> **Exercise**
Each line that holds the word "glass" counts once; give the total for the records below and nothing else.

-------

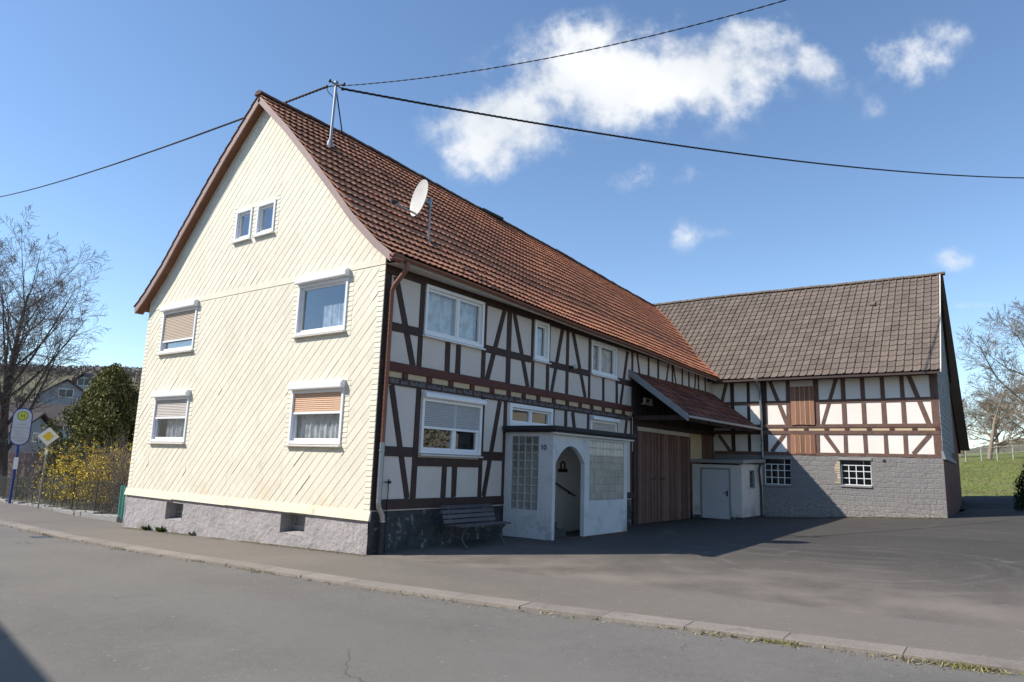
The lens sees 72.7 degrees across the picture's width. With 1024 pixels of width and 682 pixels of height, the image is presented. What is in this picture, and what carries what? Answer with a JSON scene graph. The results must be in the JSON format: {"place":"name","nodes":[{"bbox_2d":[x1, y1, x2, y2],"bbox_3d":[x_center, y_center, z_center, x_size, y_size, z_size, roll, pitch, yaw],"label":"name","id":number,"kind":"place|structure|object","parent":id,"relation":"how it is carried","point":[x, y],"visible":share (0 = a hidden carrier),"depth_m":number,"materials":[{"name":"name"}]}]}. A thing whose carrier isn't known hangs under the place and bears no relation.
{"place":"outdoors","nodes":[
{"label":"outdoors","id":0,"kind":"place"},
{"bbox_2d":[0,524,1023,681],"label":"road","id":1,"kind":"structure","parent":0,"point":[71,611],"depth_m":6.81,"materials":[{"name":"grey asphalt"}]},
{"bbox_2d":[29,535,52,537],"bbox_3d":[-10.894,4.577,16.153,0.520,0.060,0.400,-5,-12,36],"label":"drain grate","id":2,"kind":"object","parent":1,"relation":"on","point":[41,536],"visible":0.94,"depth_m":16.15,"materials":[{"name":"metal"}]},
{"bbox_2d":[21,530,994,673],"bbox_3d":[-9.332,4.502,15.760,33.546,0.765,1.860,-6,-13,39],"label":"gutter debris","id":3,"kind":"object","parent":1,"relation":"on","point":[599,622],"visible":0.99,"depth_m":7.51,"materials":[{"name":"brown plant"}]},
{"bbox_2d":[3,525,1016,674],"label":"gutter grass","id":4,"kind":"structure","parent":1,"relation":"on","point":[795,645],"depth_m":7.03,"materials":[{"name":"green plant"}]},
{"bbox_2d":[742,636,1023,675],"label":"gutter grass","id":5,"kind":"structure","parent":1,"relation":"on","point":[953,664],"depth_m":6.12,"materials":[{"name":"green plant"}]},
{"bbox_2d":[0,497,1023,660],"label":"pavement","id":6,"kind":"structure","parent":0,"point":[964,639],"depth_m":9.38,"materials":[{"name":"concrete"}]},
{"bbox_2d":[8,408,32,502],"bbox_3d":[-21.442,4.991,30.099,0.740,4.188,0.144,9,-12,-34],"label":"bus stop sign","id":7,"kind":"object","parent":6,"relation":"on","point":[21,426],"visible":0.97,"depth_m":30.22,"materials":[{"name":"white metal"}]},
{"bbox_2d":[11,432,45,452],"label":"bare shrub","id":8,"kind":"object","parent":6,"relation":"on","point":[28,445],"visible":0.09,"depth_m":43.66,"materials":[{"name":"brown plant"}]},
{"bbox_2d":[0,462,66,501],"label":"bare shrub","id":9,"kind":"object","parent":6,"relation":"on","point":[27,477],"visible":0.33,"depth_m":33.29,"materials":[{"name":"brown plant"}]},
{"bbox_2d":[8,422,67,489],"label":"bare shrub","id":10,"kind":"object","parent":6,"relation":"on","point":[31,444],"visible":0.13,"depth_m":49.00,"materials":[{"name":"brown plant"}]},
{"bbox_2d":[37,428,58,507],"bbox_3d":[-17.984,4.915,26.696,0.720,3.159,0.083,8,-12,-33],"label":"priority road sign","id":11,"kind":"object","parent":6,"relation":"on","point":[46,436],"visible":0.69,"depth_m":26.82,"materials":[{"name":"metal"}]},
{"bbox_2d":[0,475,122,522],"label":"wire fence","id":12,"kind":"object","parent":6,"relation":"on","point":[96,514],"visible":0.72,"depth_m":25.40,"materials":[{"name":"grey metal"}]},
{"bbox_2d":[117,485,126,518],"bbox_3d":[-11.866,4.955,21.339,1.009,1.023,0.066,-7,-13,41],"label":"corrugated panel","id":13,"kind":"object","parent":12,"relation":"attached to","point":[121,506],"visible":0.52,"depth_m":21.50,"materials":[{"name":"teal metal"}]},
{"bbox_2d":[155,526,165,531],"bbox_3d":[-8.801,4.699,17.401,0.340,0.155,0.269,-5,-12,36],"label":"weed plant","id":14,"kind":"object","parent":6,"relation":"on","point":[159,529],"visible":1,"depth_m":17.38,"materials":[{"name":"green plant"}]},
{"bbox_2d":[123,516,946,555],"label":"wall foot litter","id":15,"kind":"object","parent":6,"relation":"on","point":[265,544],"depth_m":16.52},
{"bbox_2d":[0,372,1023,515],"bbox_3d":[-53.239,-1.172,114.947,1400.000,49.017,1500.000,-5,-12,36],"label":"ground","id":16,"kind":"structure","parent":0,"point":[31,385],"depth_m":239.33,"materials":[{"name":"green plant"}]},
{"bbox_2d":[0,231,55,424],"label":"bare tree","id":17,"kind":"object","parent":16,"relation":"on","point":[41,360],"visible":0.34,"depth_m":39.87,"materials":[{"name":"brown plant"}]},
{"bbox_2d":[6,452,50,497],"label":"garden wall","id":18,"kind":"structure","parent":16,"relation":"on","point":[28,460],"depth_m":39.68,"materials":[{"name":"grey stone"}]},
{"bbox_2d":[8,411,62,453],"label":"gabled house","id":19,"kind":"structure","parent":16,"relation":"on","point":[39,418],"depth_m":67.15,"materials":[{"name":"grey brick"}]},
{"bbox_2d":[32,432,39,441],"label":"window","id":20,"kind":"structure","parent":19,"relation":"in","point":[35,435],"depth_m":66.96,"materials":[{"name":"white plastic"}]},
{"bbox_2d":[9,397,76,480],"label":"gabled house","id":21,"kind":"structure","parent":16,"relation":"on","point":[52,411],"depth_m":82.82,"materials":[{"name":"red brick"}]},
{"bbox_2d":[0,203,112,495],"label":"bare tree","id":22,"kind":"object","parent":16,"relation":"on","point":[9,368],"visible":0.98,"depth_m":39.16,"materials":[{"name":"grey plant"}]},
{"bbox_2d":[21,469,94,507],"bbox_3d":[-18.389,5.882,28.431,2.588,1.808,2.532,2,-10,1],"label":"forsythia shrub","id":23,"kind":"object","parent":16,"relation":"on","point":[37,486],"visible":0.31,"depth_m":28.01,"materials":[{"name":"yellow plant"}]},
{"bbox_2d":[38,378,84,445],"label":"gabled house","id":24,"kind":"structure","parent":16,"relation":"on","point":[77,391],"depth_m":90.99,"materials":[{"name":"grey brick"}]},
{"bbox_2d":[58,388,73,397],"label":"window","id":25,"kind":"structure","parent":24,"relation":"in","point":[62,390],"depth_m":91.05,"materials":[{"name":"grey glass"}]},
{"bbox_2d":[0,363,142,456],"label":"woodland","id":26,"kind":"object","parent":16,"relation":"on","point":[135,372],"visible":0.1,"depth_m":308.80,"materials":[{"name":"green plant"}]},
{"bbox_2d":[13,362,139,503],"bbox_3d":[-19.651,4.570,34.141,6.892,7.114,6.658,-5,-12,36],"label":"thuja tree","id":27,"kind":"object","parent":16,"relation":"on","point":[108,403],"visible":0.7,"depth_m":33.24,"materials":[{"name":"green plant"}]},
{"bbox_2d":[31,432,132,512],"bbox_3d":[-15.661,5.020,26.699,4.604,2.933,4.548,5,-11,-19],"label":"forsythia shrub","id":28,"kind":"object","parent":16,"relation":"on","point":[60,466],"visible":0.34,"depth_m":26.01,"materials":[{"name":"yellow plant"}]},
{"bbox_2d":[64,438,131,513],"bbox_3d":[-14.000,4.795,25.317,4.035,2.901,3.750,3,-10,-8],"label":"forsythia shrub","id":29,"kind":"object","parent":16,"relation":"on","point":[88,473],"visible":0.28,"depth_m":24.58,"materials":[{"name":"yellow plant"}]},
{"bbox_2d":[70,428,131,513],"bbox_3d":[-12.688,4.382,23.811,4.080,3.180,3.953,-5,-12,36],"label":"bare shrub","id":30,"kind":"object","parent":16,"relation":"on","point":[118,475],"visible":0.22,"depth_m":23.43,"materials":[{"name":"brown plant"}]},
{"bbox_2d":[71,372,134,449],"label":"gabled house","id":31,"kind":"structure","parent":16,"relation":"on","point":[84,377],"depth_m":105.45,"materials":[{"name":"grey brick"}]},
{"bbox_2d":[77,378,89,385],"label":"window","id":32,"kind":"structure","parent":31,"relation":"in","point":[85,380],"depth_m":105.44,"materials":[{"name":"grey glass"}]},
{"bbox_2d":[122,90,762,554],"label":"timbered house","id":33,"kind":"structure","parent":16,"relation":"on","point":[340,356],"depth_m":16.75,"materials":[{"name":"beige wood"}]},
{"bbox_2d":[147,390,190,443],"bbox_3d":[-8.881,1.996,18.137,1.780,1.375,0.341,-5,-12,36],"label":"window","id":34,"kind":"structure","parent":33,"relation":"in","point":[173,406],"depth_m":18.16,"materials":[{"name":"white plastic"}]},
{"bbox_2d":[156,299,198,355],"bbox_3d":[-8.885,-0.330,18.607,1.780,1.375,0.341,-5,-12,36],"label":"window","id":35,"kind":"structure","parent":33,"relation":"in","point":[179,320],"depth_m":18.60,"materials":[{"name":"white plastic"}]},
{"bbox_2d":[231,206,253,243],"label":"window","id":36,"kind":"structure","parent":33,"relation":"in","point":[240,215],"depth_m":17.60,"materials":[{"name":"white plastic"}]},
{"bbox_2d":[251,199,276,238],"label":"window","id":37,"kind":"structure","parent":33,"relation":"in","point":[261,208],"depth_m":17.06,"materials":[{"name":"white plastic"}]},
{"bbox_2d":[284,379,345,446],"bbox_3d":[-4.105,1.541,14.669,1.780,1.375,0.341,-5,-12,36],"label":"window","id":38,"kind":"structure","parent":33,"relation":"in","point":[319,405],"depth_m":14.70,"materials":[{"name":"white plastic"}]},
{"bbox_2d":[291,268,350,338],"bbox_3d":[-4.113,-0.784,15.141,1.750,1.375,0.341,-5,-12,36],"label":"window","id":39,"kind":"structure","parent":33,"relation":"in","point":[334,318],"depth_m":15.12,"materials":[{"name":"white plastic"}]},
{"bbox_2d":[324,79,345,149],"bbox_3d":[-4.671,-5.631,18.188,0.521,1.892,1.598,4,-10,-12],"label":"roof mast","id":40,"kind":"object","parent":33,"relation":"on","point":[330,141],"visible":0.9,"depth_m":17.68,"materials":[{"name":"metal"}]},
{"bbox_2d":[0,86,324,196],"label":"power line","id":41,"kind":"object","parent":40,"relation":"attached to","point":[287,101],"visible":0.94,"depth_m":25.19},
{"bbox_2d":[341,0,785,85],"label":"power line","id":42,"kind":"object","parent":40,"relation":"attached to","point":[574,52],"visible":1,"depth_m":15.46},
{"bbox_2d":[343,88,1023,178],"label":"power line","id":43,"kind":"object","parent":40,"relation":"attached to","point":[422,103],"visible":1,"depth_m":22.51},
{"bbox_2d":[390,180,437,247],"bbox_3d":[-2.280,-3.065,16.371,1.096,1.542,0.796,2,-10,-2],"label":"satellite dish","id":44,"kind":"object","parent":33,"relation":"on","point":[419,199],"visible":0.97,"depth_m":16.48,"materials":[{"name":"metal"}]},
{"bbox_2d":[418,391,486,457],"bbox_3d":[-1.308,1.879,15.352,0.260,1.345,2.070,-5,-12,36],"label":"window","id":45,"kind":"structure","parent":33,"relation":"in","point":[439,411],"depth_m":15.34,"materials":[{"name":"white plastic"}]},
{"bbox_2d":[422,284,485,349],"bbox_3d":[-1.322,-0.504,15.757,0.291,1.155,2.080,-5,-12,36],"label":"window","id":46,"kind":"structure","parent":33,"relation":"in","point":[449,316],"depth_m":15.80,"materials":[{"name":"white plastic"}]},
{"bbox_2d":[508,403,552,425],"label":"window","id":47,"kind":"structure","parent":33,"relation":"in","point":[529,409],"depth_m":17.81,"materials":[{"name":"white plastic"}]},
{"bbox_2d":[533,319,551,363],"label":"window","id":48,"kind":"structure","parent":33,"relation":"in","point":[538,325],"depth_m":18.65,"materials":[{"name":"white plastic"}]},
{"bbox_2d":[558,461,567,471],"bbox_3d":[1.380,3.383,18.738,0.062,0.299,0.440,-5,-12,36],"label":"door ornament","id":49,"kind":"object","parent":33,"relation":"attached to","point":[562,470],"depth_m":18.70,"materials":[{"name":"black metal"}]},
{"bbox_2d":[589,415,619,431],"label":"window","id":50,"kind":"structure","parent":33,"relation":"in","point":[596,422],"depth_m":20.80,"materials":[{"name":"white plastic"}]},
{"bbox_2d":[590,339,619,380],"bbox_3d":[2.769,0.606,21.246,0.291,1.055,1.670,-5,-12,36],"label":"window","id":51,"kind":"structure","parent":33,"relation":"in","point":[600,352],"depth_m":21.43,"materials":[{"name":"white plastic"}]},
{"bbox_2d":[641,398,653,405],"bbox_3d":[4.522,2.026,23.217,0.130,0.225,0.670,-5,-12,36],"label":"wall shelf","id":52,"kind":"object","parent":33,"relation":"attached to","point":[649,403],"depth_m":23.20,"materials":[{"name":"brown wood"}]},
{"bbox_2d":[701,435,713,463],"bbox_3d":[7.741,4.815,27.463,0.040,2.130,1.195,-5,-12,36],"label":"board door","id":53,"kind":"structure","parent":33,"relation":"in","point":[707,441],"depth_m":27.50,"materials":[{"name":"brown wood"}]},
{"bbox_2d":[0,520,1023,673],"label":"kerb","id":54,"kind":"structure","parent":16,"relation":"on","point":[865,647],"depth_m":7.98,"materials":[{"name":"concrete"}]},
{"bbox_2d":[654,271,969,518],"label":"timbered barn","id":55,"kind":"structure","parent":16,"relation":"on","point":[846,397],"depth_m":26.36,"materials":[{"name":"white stone"}]},
{"bbox_2d":[762,457,790,486],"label":"window","id":56,"kind":"structure","parent":55,"relation":"in","point":[777,469],"depth_m":26.91,"materials":[{"name":"white plastic"}]},
{"bbox_2d":[790,386,814,424],"bbox_3d":[10.996,2.449,26.315,0.838,1.462,0.052,-5,-12,36],"label":"loft door","id":57,"kind":"structure","parent":55,"relation":"in","point":[802,397],"depth_m":26.29,"materials":[{"name":"brown wood"}]},
{"bbox_2d":[838,457,871,487],"bbox_3d":[12.479,4.766,25.126,1.610,1.480,0.650,-5,-12,36],"label":"window","id":58,"kind":"structure","parent":55,"relation":"in","point":[854,473],"depth_m":25.28,"materials":[{"name":"white plastic"}]},
{"bbox_2d":[0,0,1023,447],"label":"sky","id":59,"kind":"structure","parent":0,"point":[927,86],"materials":[{"name":"blue"}]},
{"bbox_2d":[366,509,1023,631],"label":"yard","id":60,"kind":"structure","parent":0,"point":[965,567],"depth_m":12.74,"materials":[{"name":"grey asphalt"}]},
{"bbox_2d":[440,503,510,549],"bbox_3d":[-0.776,3.949,14.889,0.692,0.850,1.740,-5,-12,36],"label":"garden bench","id":61,"kind":"object","parent":60,"relation":"on","point":[473,514],"visible":0.99,"depth_m":14.89,"materials":[{"name":"brown wood"}]},
{"bbox_2d":[690,458,765,519],"bbox_3d":[8.192,5.649,26.139,2.071,2.460,2.595,-5,-12,36],"label":"lean to shed","id":62,"kind":"object","parent":60,"relation":"on","point":[734,492],"visible":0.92,"depth_m":25.36,"materials":[{"name":"paint"}]},
{"bbox_2d":[702,469,729,518],"bbox_3d":[7.397,5.555,25.279,1.020,1.755,0.115,-5,-12,36],"label":"door","id":63,"kind":"structure","parent":62,"relation":"in","point":[715,482],"depth_m":25.28,"materials":[{"name":"metal"}]},
{"bbox_2d":[749,470,754,487],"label":"window","id":64,"kind":"structure","parent":62,"relation":"in","point":[751,472],"depth_m":25.86,"materials":[{"name":"glass"}]},
{"bbox_2d":[1013,464,1023,509],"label":"hedge bush","id":65,"kind":"object","parent":60,"relation":"on","point":[1020,487],"visible":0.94,"depth_m":27.72,"materials":[{"name":"green plant"}]},
{"bbox_2d":[960,496,1020,508],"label":"drive","id":66,"kind":"structure","parent":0,"point":[985,502],"depth_m":31.64,"materials":[{"name":"grey asphalt"}]},
{"bbox_2d":[959,451,1023,497],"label":"meadow","id":67,"kind":"structure","parent":0,"point":[1018,456],"depth_m":45.86,"materials":[{"name":"green plant"}]},
{"bbox_2d":[961,388,994,456],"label":"orchard tree","id":68,"kind":"object","parent":67,"relation":"on","point":[963,452],"visible":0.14,"depth_m":67.60,"materials":[{"name":"brown plant"}]},
{"bbox_2d":[955,299,1023,429],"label":"orchard tree","id":69,"kind":"object","parent":67,"relation":"on","point":[1004,361],"visible":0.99,"depth_m":42.66,"materials":[{"name":"grey plant"}]},
{"bbox_2d":[959,445,1023,461],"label":"rail fence","id":70,"kind":"object","parent":67,"relation":"on","point":[1012,452],"visible":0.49,"depth_m":56.56,"materials":[{"name":"wood"}]},
{"bbox_2d":[961,372,1023,459],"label":"orchard tree","id":71,"kind":"object","parent":67,"relation":"on","point":[995,421],"visible":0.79,"depth_m":59.07,"materials":[{"name":"brown plant"}]},
{"bbox_2d":[965,384,1023,453],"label":"orchard tree","id":72,"kind":"object","parent":67,"relation":"on","point":[996,433],"visible":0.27,"depth_m":76.93,"materials":[{"name":"brown plant"}]},
{"bbox_2d":[976,358,1023,442],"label":"orchard tree","id":73,"kind":"object","parent":67,"relation":"on","point":[998,401],"visible":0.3,"depth_m":64.38,"materials":[{"name":"brown plant"}]}
]}

-------

> **Response box**
3